For the rock-bottom basis of social solidarity on the bottomless roads is the cardinal fact that all things and everybody belong to us and are at our service, without cost, penalty, or obligation. Stuck in the mud, we do things to the back-country neighbor that in another season would get us a prompt bullet through a tire if not birdshot in the calf. We rip rails from his cow lane. We leave gaps in his stone walls. We raid his piled cord wood. We clip his barbed wire to
short-circuit a mudhole by digression through his field. He comes out egging us on and fetching supplementary tools. If the prospect is grim, he fades away to reappear in five minutes with a harnessed team, and scoffs at the tender of pay. The old lady living alone, and ordinarily scared to death of strangers, comes out in a shawl to preside sociably, anecdotally, over our crude engineering operations, and when they are over she urges tea and cookies upon us, with not even a glance at the gumbo we track on to her kitchen floor. The children pitch in and lug stones. The very watchdogs forget to yap and sit watching us with what looks like kind solicitude. Every mishap means from two to a dozen pleasant acquaintanceships with folk half of whom, if you had first known them in some context other than mud, you might have found curmudgeons.

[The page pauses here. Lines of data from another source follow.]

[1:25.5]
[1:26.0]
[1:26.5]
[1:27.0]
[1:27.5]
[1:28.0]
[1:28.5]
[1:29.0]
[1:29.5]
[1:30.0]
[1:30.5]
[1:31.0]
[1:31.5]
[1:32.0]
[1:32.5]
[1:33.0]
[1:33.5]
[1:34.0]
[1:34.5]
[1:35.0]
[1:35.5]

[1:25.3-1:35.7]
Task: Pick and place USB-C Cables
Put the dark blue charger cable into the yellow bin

If you want to sec strangers get together, if you want to experience in its full intensity the grand emotion of neighborhood, you have only to wait until something disrupts the communication system — that smooth, effortless system that, functioning in its normal perfection, turns most of us into glassy-eyed, speeding strangers to one another. Let who will agitate and logroll for better roads: I sing the bad ones and the friendly unity that travels them when wheels and hoofs bog down.

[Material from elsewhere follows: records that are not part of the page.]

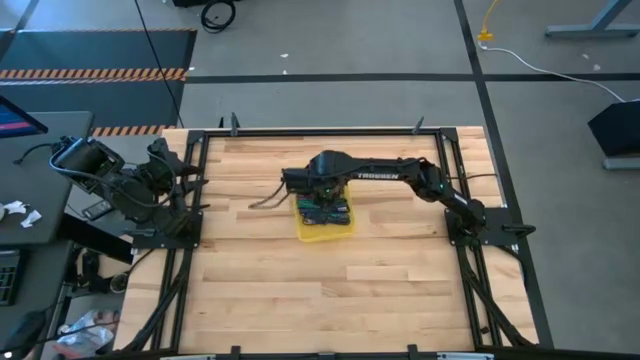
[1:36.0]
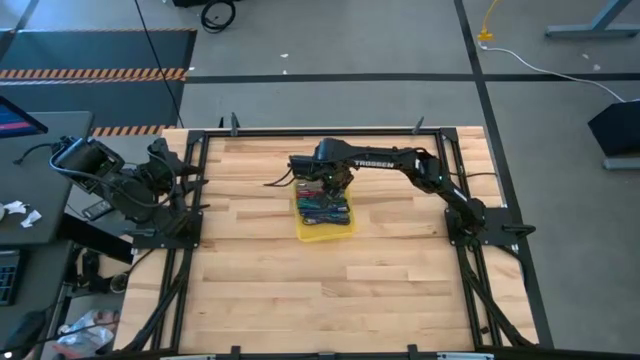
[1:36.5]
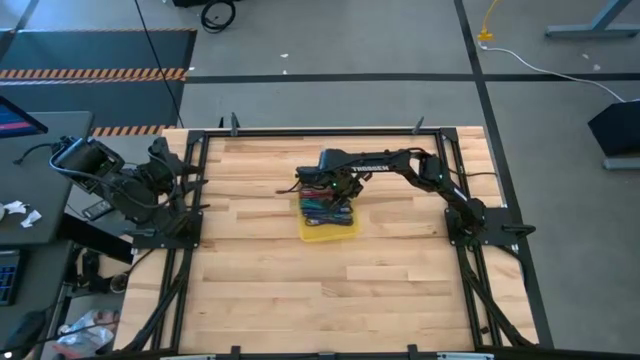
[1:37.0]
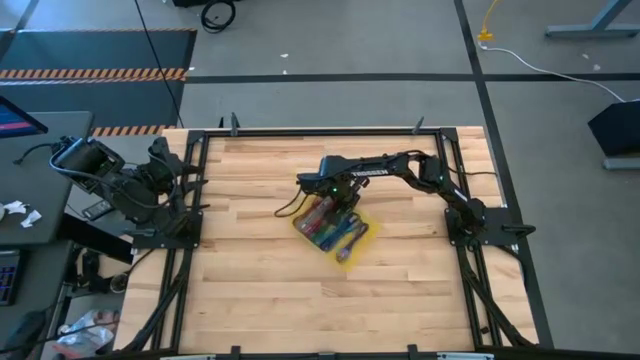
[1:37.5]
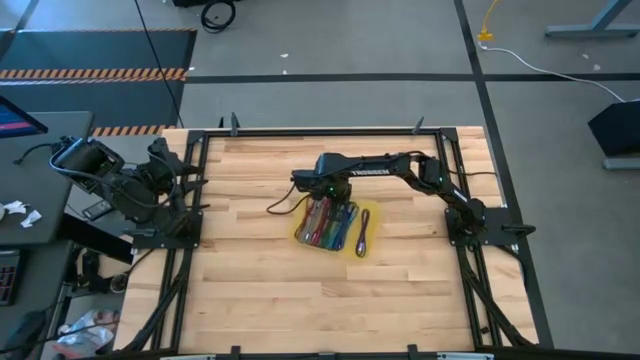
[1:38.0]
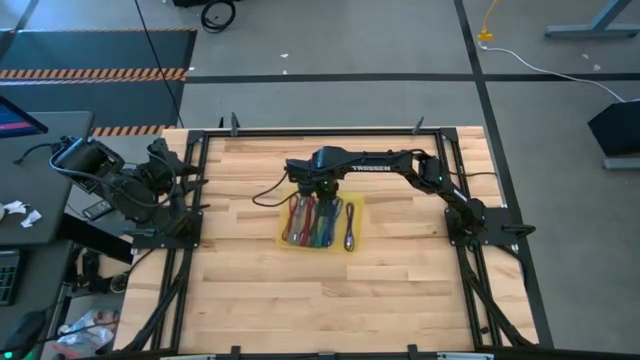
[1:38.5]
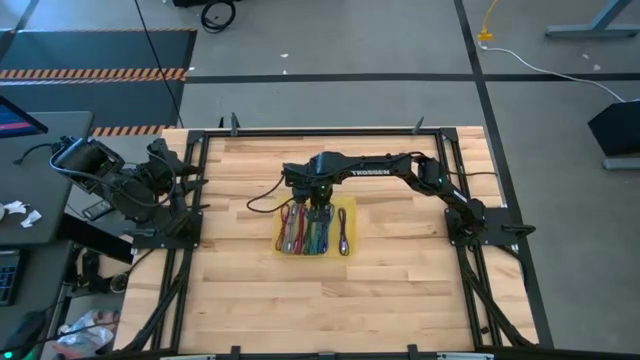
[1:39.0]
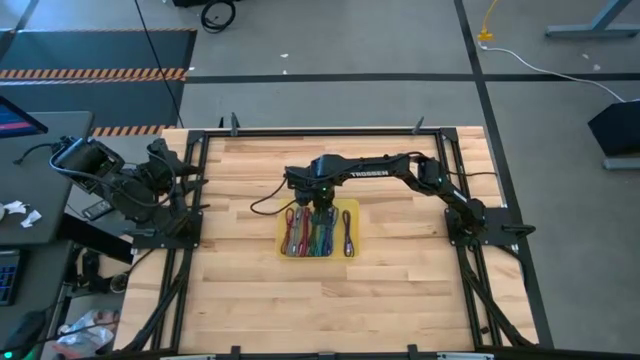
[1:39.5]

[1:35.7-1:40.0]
Adjust the yellow bin

The children, of course, get the spirit of the thing. (Jane, who is four, was heard yesterday saying to Ting, who is not two: ‘Come on, Ting, let’s go take a walk. Let’s go take a hog wallow.’) When they are octogenarians they will ruminate: ‘No, the winters are not what they used to be. And the springs! Why, when I was a boy a grown man couldn’t step into his own dooryard in anything lower than waders. Children under six were not allowed out without a strong man accompanying them. It was a law — yes, sir! In the famous spring of ‘39 the mud came rolling down the hill roads in regular waves, and when you took a car up the Brook Road the whole surface teetered in one piece until the side you weren’t on stood up two feet above its bed. You kids nowadays don’t know anything. Not anything. No more mud now, thanks to WPA and all the other modern improvements — blast them! How can kids know anything, with no mud left for ‘em to learn on?’